AIM OF THE EXERCISE: Every record must be reproduced exactly. Leave none out.

=======

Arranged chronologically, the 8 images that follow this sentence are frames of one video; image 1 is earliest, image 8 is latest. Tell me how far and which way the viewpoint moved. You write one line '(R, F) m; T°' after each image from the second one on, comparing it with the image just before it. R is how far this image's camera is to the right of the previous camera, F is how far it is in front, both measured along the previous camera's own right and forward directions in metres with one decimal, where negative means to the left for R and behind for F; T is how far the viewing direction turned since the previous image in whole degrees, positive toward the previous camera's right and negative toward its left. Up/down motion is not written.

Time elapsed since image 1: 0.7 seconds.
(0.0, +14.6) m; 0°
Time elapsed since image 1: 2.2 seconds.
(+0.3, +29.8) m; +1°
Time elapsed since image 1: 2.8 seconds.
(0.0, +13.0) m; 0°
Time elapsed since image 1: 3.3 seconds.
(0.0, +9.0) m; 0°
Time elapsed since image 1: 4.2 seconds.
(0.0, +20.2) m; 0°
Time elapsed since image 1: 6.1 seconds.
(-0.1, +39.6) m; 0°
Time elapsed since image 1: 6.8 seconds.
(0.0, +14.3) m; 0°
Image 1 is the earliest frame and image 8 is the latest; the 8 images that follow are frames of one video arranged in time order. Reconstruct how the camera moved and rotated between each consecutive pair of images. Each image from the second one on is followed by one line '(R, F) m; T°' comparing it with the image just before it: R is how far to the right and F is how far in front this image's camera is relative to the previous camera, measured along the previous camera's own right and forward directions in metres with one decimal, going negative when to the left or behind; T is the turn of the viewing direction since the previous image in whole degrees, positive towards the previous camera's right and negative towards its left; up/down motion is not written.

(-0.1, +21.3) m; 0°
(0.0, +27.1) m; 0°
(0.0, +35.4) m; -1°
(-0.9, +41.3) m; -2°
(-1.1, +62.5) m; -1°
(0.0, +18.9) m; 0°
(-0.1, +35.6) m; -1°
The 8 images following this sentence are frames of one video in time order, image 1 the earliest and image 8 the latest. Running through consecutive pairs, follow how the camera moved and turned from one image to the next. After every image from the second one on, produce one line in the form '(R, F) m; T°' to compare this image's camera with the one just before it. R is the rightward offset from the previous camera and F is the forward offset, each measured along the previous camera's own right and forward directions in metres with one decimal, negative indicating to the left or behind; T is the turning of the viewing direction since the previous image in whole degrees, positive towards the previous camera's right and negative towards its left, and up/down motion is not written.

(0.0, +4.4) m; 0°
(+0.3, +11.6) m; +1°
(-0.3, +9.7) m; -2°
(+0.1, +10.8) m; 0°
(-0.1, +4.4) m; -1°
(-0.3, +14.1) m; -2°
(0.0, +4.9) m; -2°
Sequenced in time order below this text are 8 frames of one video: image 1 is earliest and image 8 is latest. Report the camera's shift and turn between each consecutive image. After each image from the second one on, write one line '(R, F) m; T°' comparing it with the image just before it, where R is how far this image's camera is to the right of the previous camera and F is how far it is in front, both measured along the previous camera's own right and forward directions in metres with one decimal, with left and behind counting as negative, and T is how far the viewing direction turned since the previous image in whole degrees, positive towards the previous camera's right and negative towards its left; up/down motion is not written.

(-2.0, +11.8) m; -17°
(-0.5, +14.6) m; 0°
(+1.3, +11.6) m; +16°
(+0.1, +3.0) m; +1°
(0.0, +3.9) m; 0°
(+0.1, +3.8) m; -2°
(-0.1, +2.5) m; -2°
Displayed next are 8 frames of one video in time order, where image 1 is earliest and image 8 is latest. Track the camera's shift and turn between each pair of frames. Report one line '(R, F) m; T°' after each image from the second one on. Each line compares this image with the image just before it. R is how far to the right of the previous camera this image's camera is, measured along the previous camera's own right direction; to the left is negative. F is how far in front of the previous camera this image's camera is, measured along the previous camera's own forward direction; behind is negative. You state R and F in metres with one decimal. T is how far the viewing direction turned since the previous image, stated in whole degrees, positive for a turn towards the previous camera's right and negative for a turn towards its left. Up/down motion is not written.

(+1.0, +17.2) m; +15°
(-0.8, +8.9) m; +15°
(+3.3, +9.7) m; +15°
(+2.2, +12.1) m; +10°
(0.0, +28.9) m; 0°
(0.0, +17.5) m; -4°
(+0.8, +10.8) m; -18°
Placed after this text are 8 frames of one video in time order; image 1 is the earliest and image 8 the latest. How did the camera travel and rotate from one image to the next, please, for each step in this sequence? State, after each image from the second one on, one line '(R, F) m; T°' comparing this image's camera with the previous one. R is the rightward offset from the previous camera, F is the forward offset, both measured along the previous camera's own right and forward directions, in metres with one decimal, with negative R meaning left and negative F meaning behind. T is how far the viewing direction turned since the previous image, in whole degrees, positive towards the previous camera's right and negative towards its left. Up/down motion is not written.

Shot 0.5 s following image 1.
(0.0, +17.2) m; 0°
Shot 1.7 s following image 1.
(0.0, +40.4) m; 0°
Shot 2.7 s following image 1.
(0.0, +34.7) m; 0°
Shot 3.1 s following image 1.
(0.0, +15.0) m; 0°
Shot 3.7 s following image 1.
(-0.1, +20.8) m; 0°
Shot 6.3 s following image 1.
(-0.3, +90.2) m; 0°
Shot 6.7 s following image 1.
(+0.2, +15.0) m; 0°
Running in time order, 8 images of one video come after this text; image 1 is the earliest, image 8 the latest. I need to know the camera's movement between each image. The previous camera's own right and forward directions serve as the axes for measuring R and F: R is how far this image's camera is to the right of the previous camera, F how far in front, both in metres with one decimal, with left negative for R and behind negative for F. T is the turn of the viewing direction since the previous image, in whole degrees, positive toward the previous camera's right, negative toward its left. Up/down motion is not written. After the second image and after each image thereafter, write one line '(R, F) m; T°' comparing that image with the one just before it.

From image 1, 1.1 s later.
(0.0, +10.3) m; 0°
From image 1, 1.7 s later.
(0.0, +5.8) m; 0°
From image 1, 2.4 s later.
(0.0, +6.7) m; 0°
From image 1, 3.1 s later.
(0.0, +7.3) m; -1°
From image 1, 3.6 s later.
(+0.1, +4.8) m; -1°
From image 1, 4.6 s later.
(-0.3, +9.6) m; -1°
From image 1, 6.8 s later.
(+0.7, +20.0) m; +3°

=======

RESULT OF THIS EXERCISE:
Arranged chronologically, the 8 images that follow this sentence are frames of one video; image 1 is earliest, image 8 is latest. Tell me how far and which way the viewpoint moved. You write one line '(R, F) m; T°' after each image from the second one on, comparing it with the image just before it. R is how far this image's camera is to the right of the previous camera, F is how far it is in front, both measured along the previous camera's own right and forward directions in metres with one decimal, where negative means to the left for R and behind for F; T is how far the viewing direction turned since the previous image in whole degrees, positive toward the previous camera's right and negative toward its left. Up/down motion is not written.

Time elapsed since image 1: 0.7 seconds.
(0.0, +14.6) m; 0°
Time elapsed since image 1: 2.2 seconds.
(+0.3, +29.8) m; +1°
Time elapsed since image 1: 2.8 seconds.
(0.0, +13.0) m; 0°
Time elapsed since image 1: 3.3 seconds.
(0.0, +9.0) m; 0°
Time elapsed since image 1: 4.2 seconds.
(0.0, +20.2) m; 0°
Time elapsed since image 1: 6.1 seconds.
(-0.1, +39.6) m; 0°
Time elapsed since image 1: 6.8 seconds.
(0.0, +14.3) m; 0°
Image 1 is the earliest frame and image 8 is the latest; the 8 images that follow are frames of one video arranged in time order. Reconstruct how the camera moved and rotated between each consecutive pair of images. Each image from the second one on is followed by one line '(R, F) m; T°' comparing it with the image just before it: R is how far to the right and F is how far in front this image's camera is relative to the previous camera, measured along the previous camera's own right and forward directions in metres with one decimal, going negative when to the left or behind; T is the turn of the viewing direction since the previous image in whole degrees, positive towards the previous camera's right and negative towards its left; up/down motion is not written.

(-0.1, +21.3) m; 0°
(0.0, +27.1) m; 0°
(0.0, +35.4) m; -1°
(-0.9, +41.3) m; -2°
(-1.1, +62.5) m; -1°
(0.0, +18.9) m; 0°
(-0.1, +35.6) m; -1°
The 8 images following this sentence are frames of one video in time order, image 1 the earliest and image 8 the latest. Running through consecutive pairs, follow how the camera moved and turned from one image to the next. After every image from the second one on, produce one line in the form '(R, F) m; T°' to compare this image's camera with the one just before it. R is the rightward offset from the previous camera and F is the forward offset, each measured along the previous camera's own right and forward directions in metres with one decimal, negative indicating to the left or behind; T is the turning of the viewing direction since the previous image in whole degrees, positive towards the previous camera's right and negative towards its left, and up/down motion is not written.

(0.0, +4.4) m; 0°
(+0.3, +11.6) m; +1°
(-0.3, +9.7) m; -2°
(+0.1, +10.8) m; 0°
(-0.1, +4.4) m; -1°
(-0.3, +14.1) m; -2°
(0.0, +4.9) m; -2°
Sequenced in time order below this text are 8 frames of one video: image 1 is earliest and image 8 is latest. Report the camera's shift and turn between each consecutive image. After each image from the second one on, write one line '(R, F) m; T°' comparing it with the image just before it, where R is how far this image's camera is to the right of the previous camera and F is how far it is in front, both measured along the previous camera's own right and forward directions in metres with one decimal, with left and behind counting as negative, and T is how far the viewing direction turned since the previous image in whole degrees, positive towards the previous camera's right and negative towards its left; up/down motion is not written.

(-2.0, +11.8) m; -17°
(-0.5, +14.6) m; 0°
(+1.3, +11.6) m; +16°
(+0.1, +3.0) m; +1°
(0.0, +3.9) m; 0°
(+0.1, +3.8) m; -2°
(-0.1, +2.5) m; -2°
Displayed next are 8 frames of one video in time order, where image 1 is earliest and image 8 is latest. Track the camera's shift and turn between each pair of frames. Report one line '(R, F) m; T°' after each image from the second one on. Each line compares this image with the image just before it. R is how far to the right of the previous camera this image's camera is, measured along the previous camera's own right direction; to the left is negative. F is how far in front of the previous camera this image's camera is, measured along the previous camera's own forward direction; behind is negative. You state R and F in metres with one decimal. T is how far the viewing direction turned since the previous image, stated in whole degrees, positive for a turn towards the previous camera's right and negative for a turn towards its left. Up/down motion is not written.

(+1.0, +17.2) m; +15°
(-0.8, +8.9) m; +15°
(+3.3, +9.7) m; +15°
(+2.2, +12.1) m; +10°
(0.0, +28.9) m; 0°
(0.0, +17.5) m; -4°
(+0.8, +10.8) m; -18°
Placed after this text are 8 frames of one video in time order; image 1 is the earliest and image 8 the latest. How did the camera travel and rotate from one image to the next, please, for each step in this sequence? State, after each image from the second one on, one line '(R, F) m; T°' comparing this image's camera with the previous one. R is the rightward offset from the previous camera, F is the forward offset, both measured along the previous camera's own right and forward directions, in metres with one decimal, with negative R meaning left and negative F meaning behind. T is how far the viewing direction turned since the previous image, in whole degrees, positive towards the previous camera's right and negative towards its left. Up/down motion is not written.

Shot 0.5 s following image 1.
(0.0, +17.2) m; 0°
Shot 1.7 s following image 1.
(0.0, +40.4) m; 0°
Shot 2.7 s following image 1.
(0.0, +34.7) m; 0°
Shot 3.1 s following image 1.
(0.0, +15.0) m; 0°
Shot 3.7 s following image 1.
(-0.1, +20.8) m; 0°
Shot 6.3 s following image 1.
(-0.3, +90.2) m; 0°
Shot 6.7 s following image 1.
(+0.2, +15.0) m; 0°
Running in time order, 8 images of one video come after this text; image 1 is the earliest, image 8 the latest. I need to know the camera's movement between each image. The previous camera's own right and forward directions serve as the axes for measuring R and F: R is how far this image's camera is to the right of the previous camera, F how far in front, both in metres with one decimal, with left negative for R and behind negative for F. T is the turn of the viewing direction since the previous image, in whole degrees, positive toward the previous camera's right, negative toward its left. Up/down motion is not written. After the second image and after each image thereafter, write one line '(R, F) m; T°' comparing that image with the one just before it.

From image 1, 1.1 s later.
(0.0, +10.3) m; 0°
From image 1, 1.7 s later.
(0.0, +5.8) m; 0°
From image 1, 2.4 s later.
(0.0, +6.7) m; 0°
From image 1, 3.1 s later.
(0.0, +7.3) m; -1°
From image 1, 3.6 s later.
(+0.1, +4.8) m; -1°
From image 1, 4.6 s later.
(-0.3, +9.6) m; -1°
From image 1, 6.8 s later.
(+0.7, +20.0) m; +3°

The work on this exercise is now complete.